TASK OBJECTIVE: Please transcribe the data below in full. Omit any picture you find in it.

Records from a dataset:
══════════
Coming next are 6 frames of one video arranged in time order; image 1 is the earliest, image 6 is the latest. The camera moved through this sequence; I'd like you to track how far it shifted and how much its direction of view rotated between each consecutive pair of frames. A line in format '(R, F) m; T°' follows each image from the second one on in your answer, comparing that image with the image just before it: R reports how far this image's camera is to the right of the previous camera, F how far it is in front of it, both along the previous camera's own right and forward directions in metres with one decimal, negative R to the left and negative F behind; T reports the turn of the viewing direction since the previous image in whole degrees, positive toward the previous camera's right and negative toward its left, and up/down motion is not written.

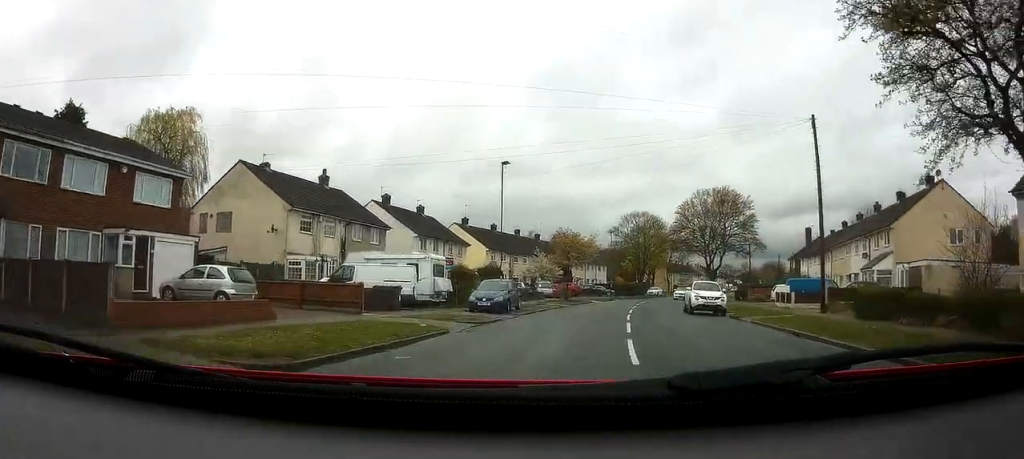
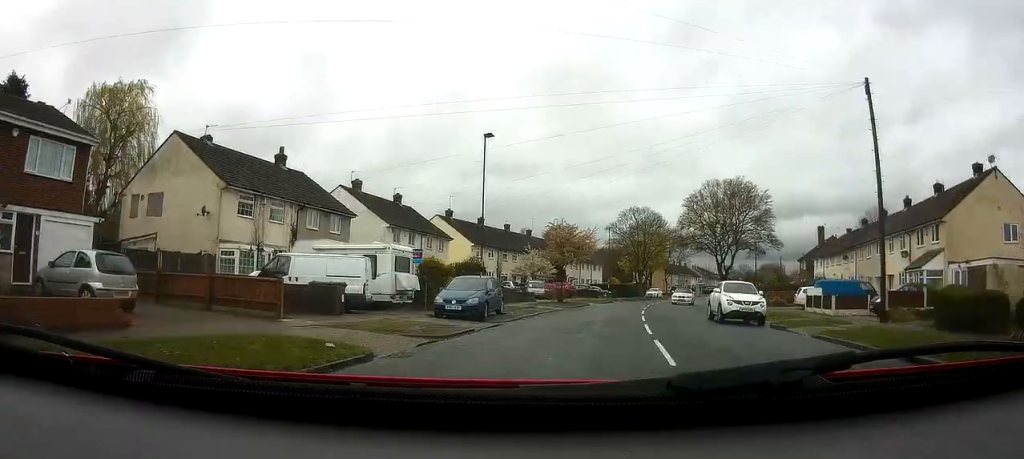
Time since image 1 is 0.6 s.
(+0.4, +6.2) m; 0°
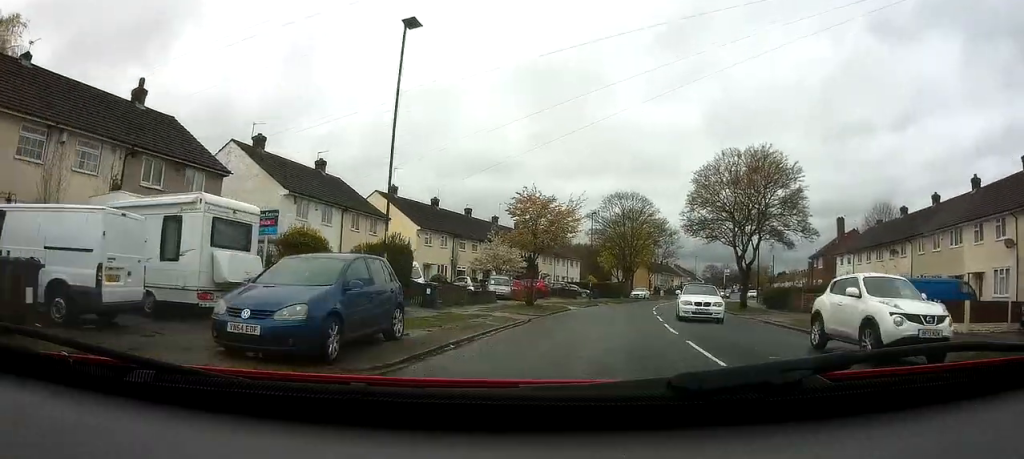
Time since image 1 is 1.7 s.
(-0.6, +12.4) m; +1°
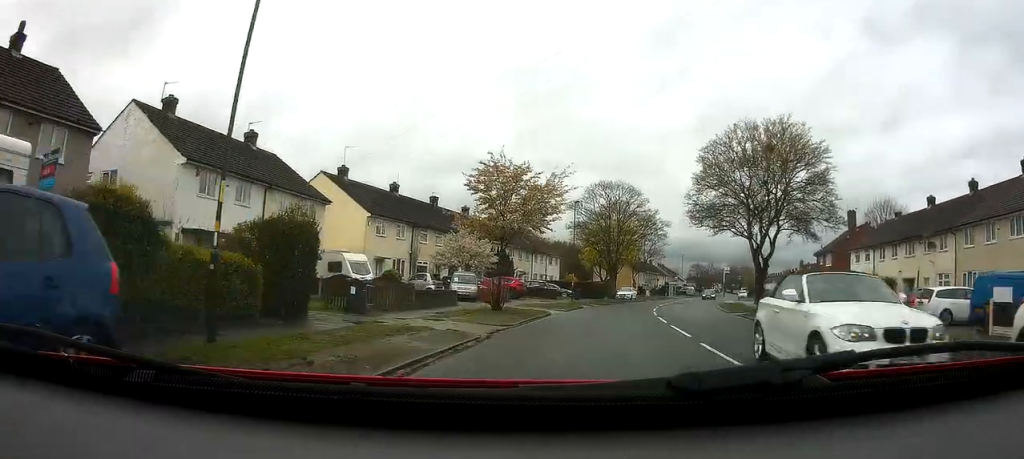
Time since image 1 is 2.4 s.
(+0.5, +7.3) m; +3°
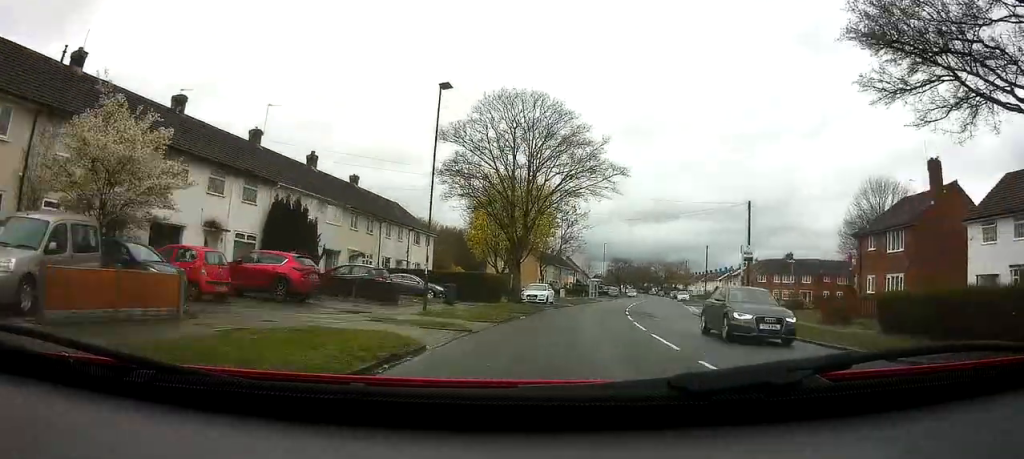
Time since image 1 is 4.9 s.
(+2.2, +27.5) m; +12°
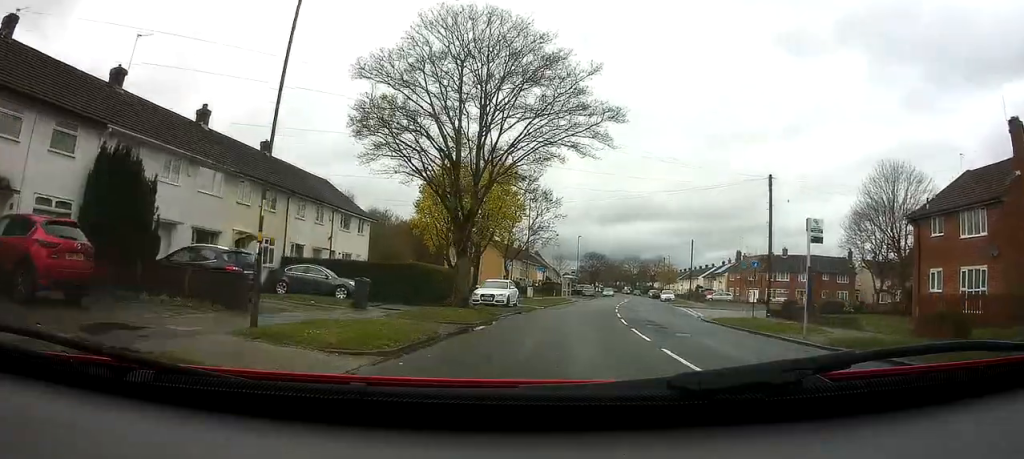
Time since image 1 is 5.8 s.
(+0.6, +10.3) m; +4°
══════════
EXERCISE OUTPUT:
Coming next are 6 frames of one video arranged in time order; image 1 is the earliest, image 6 is the latest. The camera moved through this sequence; I'd like you to track how far it shifted and how much its direction of view rotated between each consecutive pair of frames. A line in format '(R, F) m; T°' follows each image from the second one on in your answer, comparing that image with the image just before it: R reports how far this image's camera is to the right of the previous camera, F how far it is in front of it, both along the previous camera's own right and forward directions in metres with one decimal, negative R to the left and negative F behind; T reports the turn of the viewing direction since the previous image in whole degrees, positive toward the previous camera's right and negative toward its left, and up/down motion is not written.

Time since image 1 is 0.6 s.
(+0.4, +6.2) m; 0°
Time since image 1 is 1.7 s.
(-0.6, +12.4) m; +1°
Time since image 1 is 2.4 s.
(+0.5, +7.3) m; +3°
Time since image 1 is 4.9 s.
(+2.2, +27.5) m; +12°
Time since image 1 is 5.8 s.
(+0.6, +10.3) m; +4°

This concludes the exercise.